Trentemøller @ Forum
Harrumphy on Facebook about being genre pigeonholed, Anders Trentemøller was one of two opening night gigs – the other being The Bloody Beetroots – that took LEAF’s clientele out beyond Circus Space, in this case all the way to Kentish Town. As part of an electronic festival, a set predicated on post rock was a surprise, though not an unpleasant one, and there were enough reminders of his electronic roots to suggest his music is forward looking enough to transcend mere genres. Moving lights decked out with paper rose and fell, looking for all the world like flying saucers, and a friendly audience lapped it all up.
Conclusions
There was so much that was positive about LEAF 2013, but it could be better yet. It needs tighter geographical focus next year to make it feel like a cohesive event – losing the Forum and Brixton Academy would be no bad thing – and the Hub needs work on its atmosphere during the days, when rooms with DJs of the quality of Daniel Miller were scantly attended, partly due to the wealth of spoils coexisting.

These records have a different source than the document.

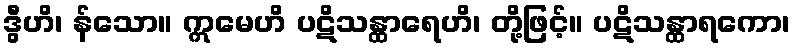
ဒွီဟိ၊ န်သော။ ဣမေဟိ ပဋိသန္ထာရေဟိ၊ တို့ဖြင့်။ ပဋိသန္ထာရကော၊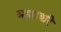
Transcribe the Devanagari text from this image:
माहावरि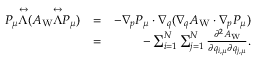
\begin{array} { r l r } { P _ { \mu } \overset \leftrightarrow { \Lambda } ( A _ { \mathrm { W } } \overset \leftrightarrow { \Lambda } P _ { \mu } ) } & { = } & { - { \nabla } _ { \b { p } } P _ { \mu } \cdot { \nabla } _ { \b { q } } ( { \nabla } _ { \b { q } } A _ { \mathrm { W } } \cdot { \nabla } _ { \b { p } } P _ { \mu } ) } \\ & { = } & { - \sum _ { i = 1 } ^ { N } \sum _ { j = 1 } ^ { N } \frac { \partial ^ { 2 } A _ { \mathrm { W } } } { \partial q _ { i , \mu } \partial q _ { j , \mu } } . } \end{array}

Also odd was the Sunday night end, with no Sunday daytime programme, which rather left Beardyman and Omar Souleyman out on limbs. Tightening up to a two day, three night event, and using the same venues throughout more consistently, would make sense.
But it’s almost churlish to pick fault with a unique event whose ambition and vision, as well as the sterling roster of artists its inaugural outing attracted, bode very well indeed. Should the festival return in 2014, already there can be no doubt as to the quality of bookings we should expect. Just one problem for the organisers: What and who could top it in 2014?